The economically powerful European Union has long been able to boast of a ‘soft power’. But with Russia’s invasion of Ukraine, the EU was also quickly able to find funds for arms, and just days after the start of the war. A taboo had been broken, High Representative Josep Borrell said in late February as EU foreign ministers agreed to provide €500 million for Member States to support Ukraine’s military. Out of the limelight, Rory Domm and a small group of dedicated EU officials had to make that happen. “The EPF was mobilised very quickly and we worked around the clock. The invasion started on the 24th (of February) and on the 28th, we had the EU Council agreeing that first tranche of support,” Domm says.

The precise wording of the EU treaties prohibits the European Union from using its seven-year budget to fund military or defence operations, but it was long felt that EU foreign policy needed a tool to support partners on military and defence issues.
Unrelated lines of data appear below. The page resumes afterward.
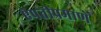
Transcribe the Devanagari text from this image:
ऐपतीप्रमाणे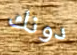
دونك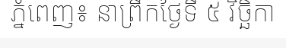
ភ្នំពេញ៖ នាព្រឹកថ្ងៃទី ៥ វិច្ឆិកា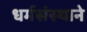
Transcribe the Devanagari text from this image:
धर्मसंस्थाने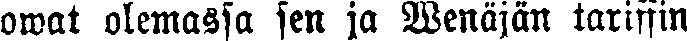
omat olemassa sen ja Wenäjän tariffin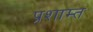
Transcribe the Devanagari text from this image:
प्रशाम्त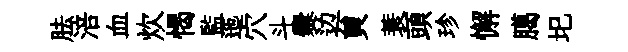
胠涪血炊愒監迤穴斗爨边貟蓑頭珍懈臈圯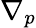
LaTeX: \nabla_{p}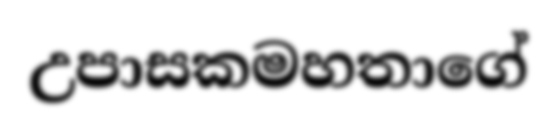
උපාසකමහතාගේ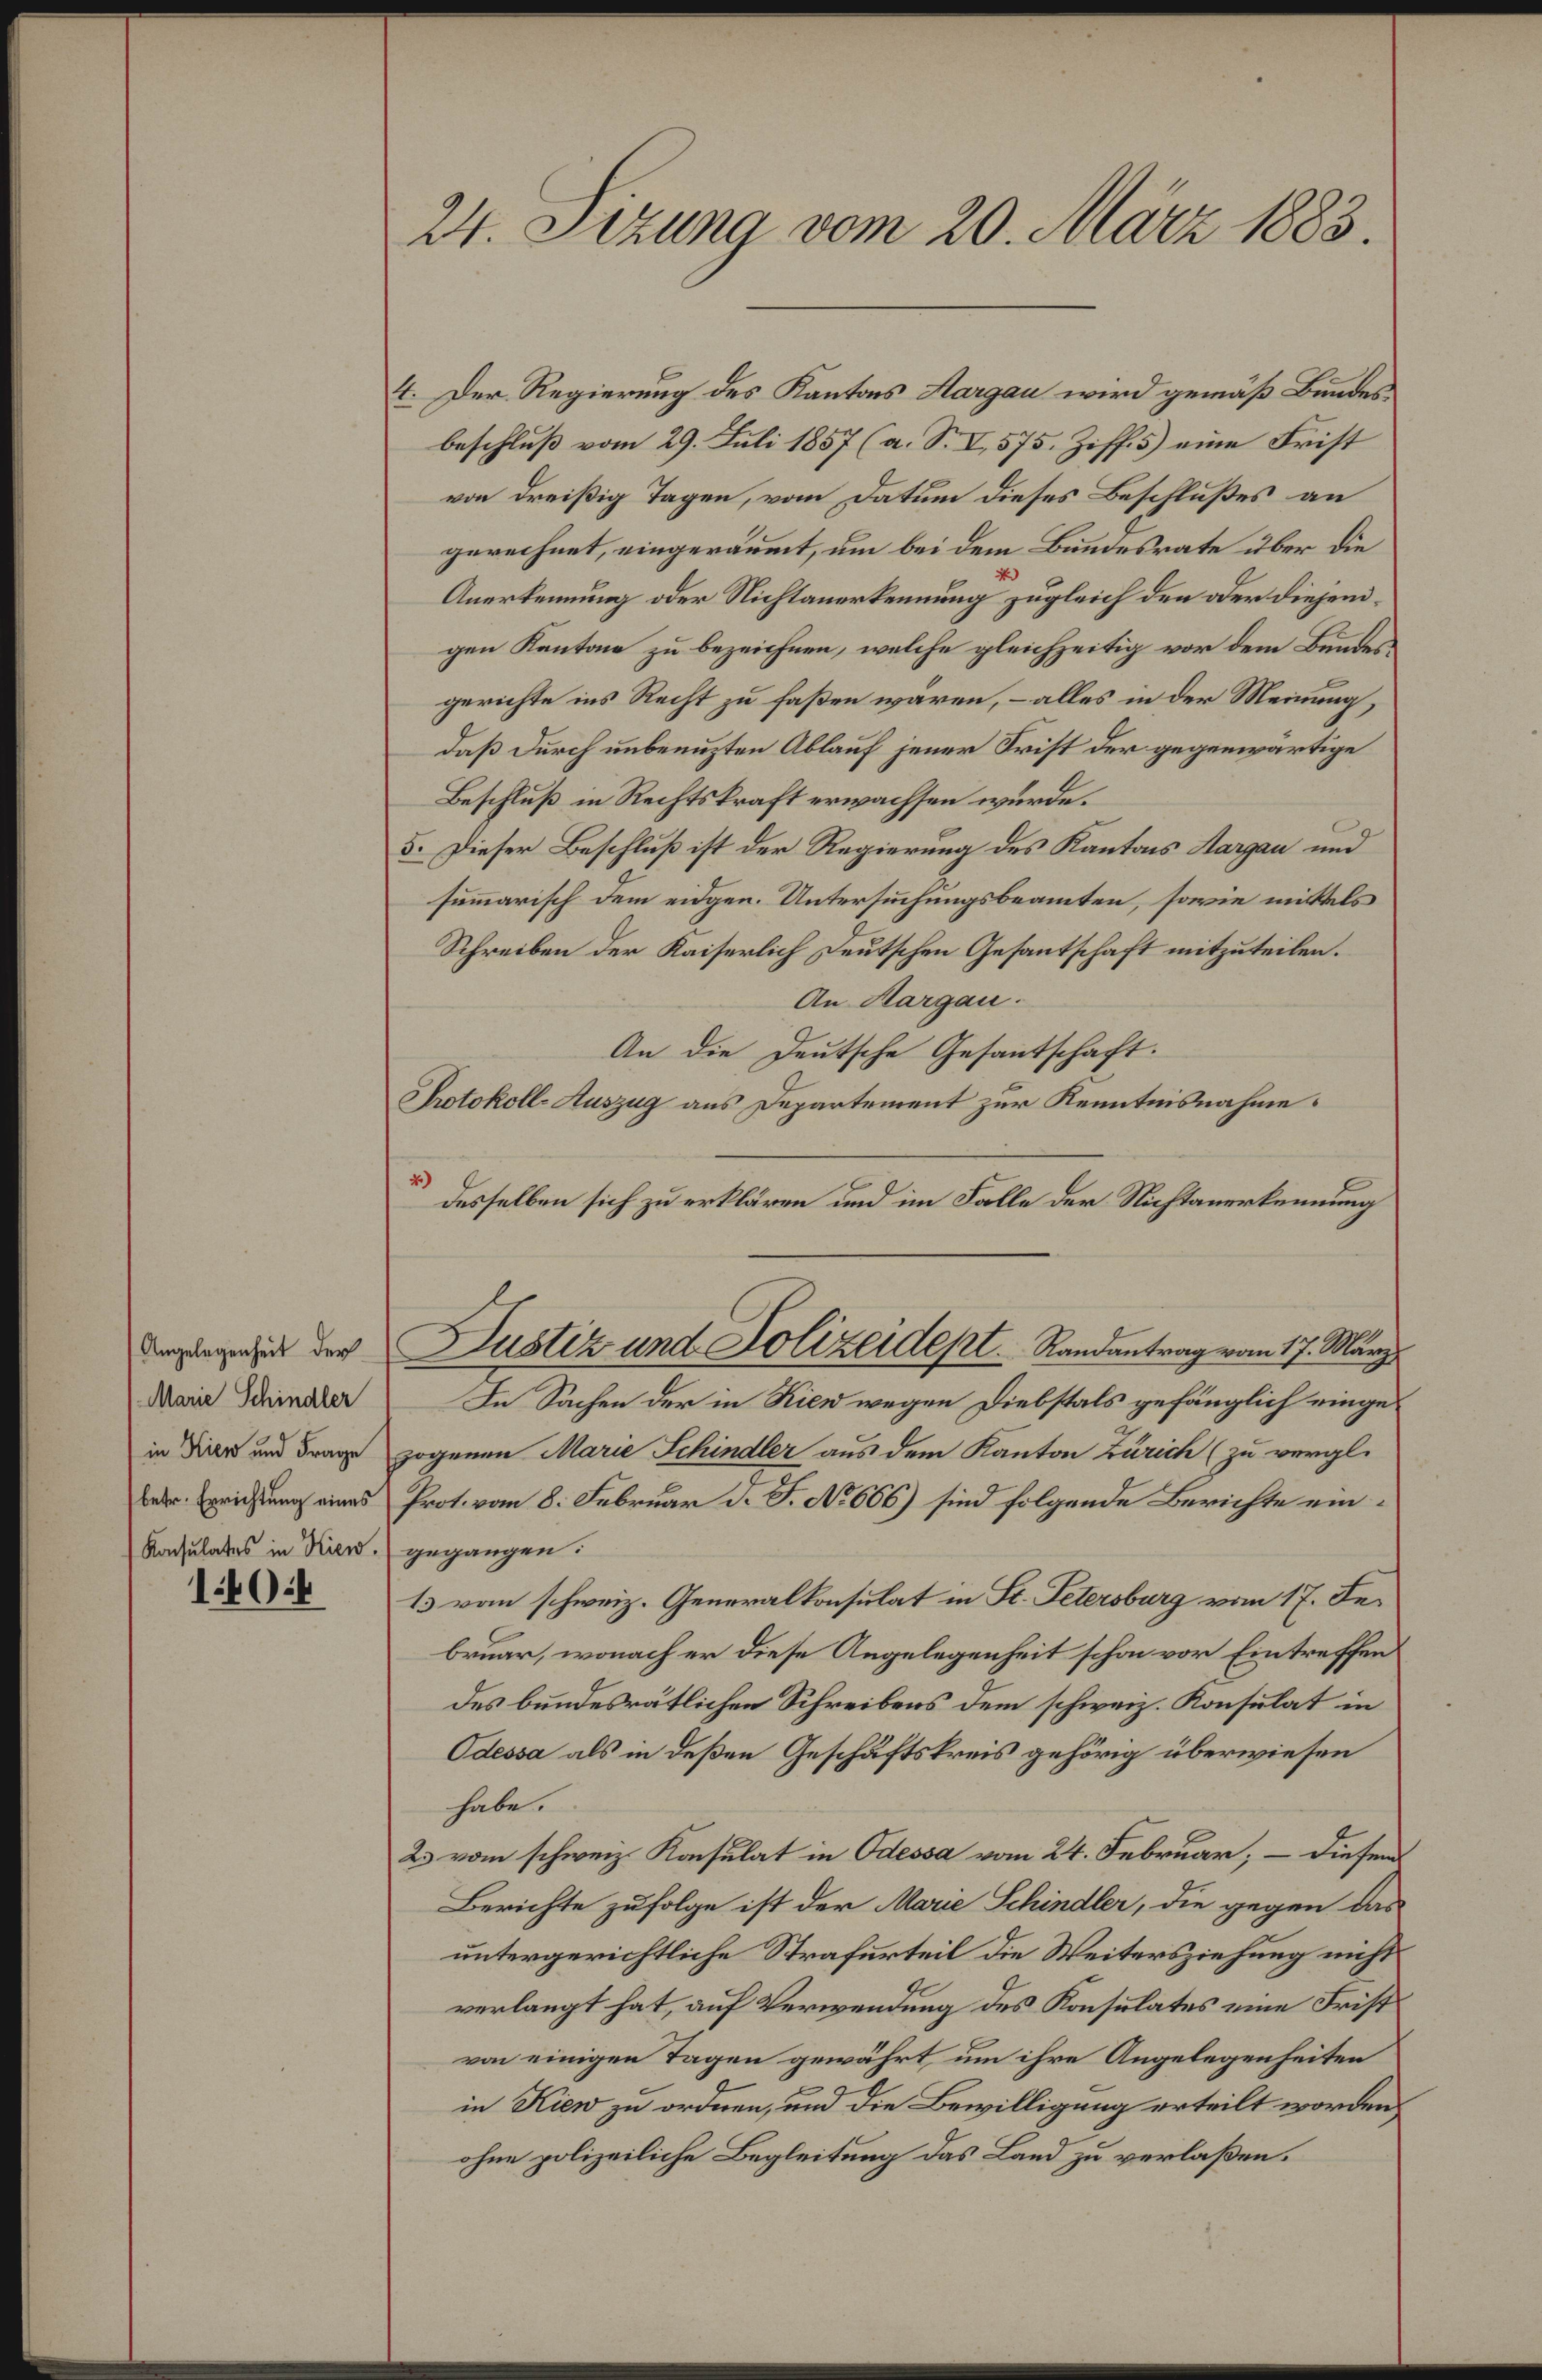
Angelegenheit der
Marie Schindler
in Kien und Frage
betr. Errichtung eines
Konsulates in Hiew.

10:

24. Setzung vom 20. März 1883.

4. Der Regierung des Kantons Aargau wird gemäß Bundesbeschluß vom 29. Juli 1857 (a. S. I, 575. Ziff. 5) eine Frist
von dreißig Tagen, vom Datum dieses Beschlußes an
gerechnet, eingeräumt, um bei dem Bundesrate über die
Anerkennung oder Nichtanerkennung zugleich den oder diejenigen Kantone zu bezeichnen, welche gleichzeitig vor dem Bundesgerichte ins Recht zu faßen wären, – alles in der Meinung,
daß durch unbenuzten Ablauf jener Frist der gegenwärtige
Beschluß in Rechtskraft erwachsen wurde.
5. Dieser Beschluß ist der Regierung des Kantons Aargau und
summarisch dem eidgen. Untersuchungsbeamten, sowie mittels
Schreiben der Kaiserlich Deutschen Gesantschaft mitzuteilen.
An Margau.
An die Deutsche Gesantschaft.
Protokoll-Auszug aus Departement zur Kenntnisnahme.
desselben sich zu erklären und im Falle der Nichtanerkennung
Justiz und Polizeidept. Randantrag vom 17. März
In Sachen der in Rien wegen Diebstals gefänglich eingezogenen Marie Schindler aus dem Kanton Zürich (zu vergl.
Prot. von 8. Februar d. J. No 666) sind folgende Berichte eingegangen:
13 vom schweiz. Generalkonsulat in St. Petersburg vom 17. Debruar, wonach er diese Angelegenheit schon vor Eintreffen
des bundesrätlichen Schreibens dem schweiz. Konsulat in
Odessa als in deßen Geschäftskreis gehörig überwiesen
habe.
2 vom schweiz. Konsulat in Odessa vom 24. Februar, – diesem
Berichte zufolge ist der Marie Schindler, die gegen das
untergerichtliche Strafurteil die Weitersziehung nicht
verlangt hat, auf Verwendung des Konsulates eine Frist
von einigen Tagen gewährt, um ihre Angelegenheiten
in Kien zu ordnen, und die Bewilligung erteilt worden
ohne polizeiliche Begleitung das Land zu verlaßen.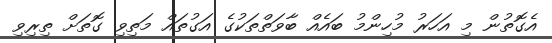
އެގޮތުން މި އަހަރު މުހިންމު ބައެއް ބާވަތްތަކުގެ އަގުތައް މަތިވި ގޮތަށް ތިރިވި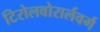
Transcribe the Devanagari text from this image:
टिरोलवोरार्लवर्ग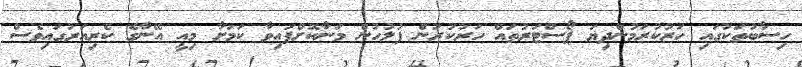
ހިސާބުތަކުގައި ހަރުކުރަމުންދިޔަ ޕޯސްޓަރުތައް ހަރުކުރުން ފުލުހުން މަނާކޮށްފައިވާ ކަމަށާ މިއީ އޭނާގެ ކެރިއަރުގައިވެސް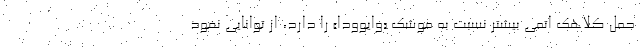
حمل کلاهک اتمی بیشتر نسبت به موشک «وایوودا» را دارد، از توانایی نفوذ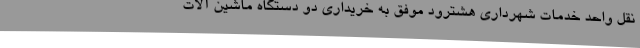
نقل واحد خدمات شهرداری هشترود موفق به خریداری دو دستگاه ماشین آلات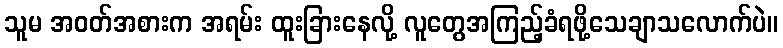
သူမ အဝတ်အစားက အရမ်း ထူးခြားနေလို့ လူတွေအကြည့်ခံရဖို့သေချာသလောက်ပဲ။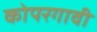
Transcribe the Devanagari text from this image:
कोपरगावी

Two years before Russia’s invasion, Domm had been negotiating the establishment of the off-budget EPF. “This was a missing tool in the EU’s toolbox. Perhaps the most illustrative example is when we were able to provide training to third country partners, but we weren’t able to supplement the training with the necessary equipment.”

The EPF’s goal was broadly defined: to deliver military aid to partner countries and finance the deployment of EU military missions abroad. “The EPF has a global mandate,” Domm says.

Expression of unity

The EPF plays a role in a number of key geographical areas, notably Africa where €600 million has been allocated to finance African Union Peace Support Operations between 2022 and 2024, and Mozambique, with an EU Training Mission working with partner military forces using equipment financed by the EPF. However, it is in Ukraine where is contribution is being felt most. With its ceiling set at €5.69 billion for the period 2021-2027, the EPF – following approval by Member States – has already set aside €3 billion for Ukraine, and in less than a year.

The impact of such a level of EU support is multifaceted, Domm says. “It’s an expression of EU unity in response to Russia’s full-scale and illegal invasion of Ukraine. It’s also a sign of solidarity between Member States,” he asserts. It is, of course, a way to give concrete support to Ukraine militarily. “But it does that by incentivising the Member States to provide more support than they might otherwise have done.”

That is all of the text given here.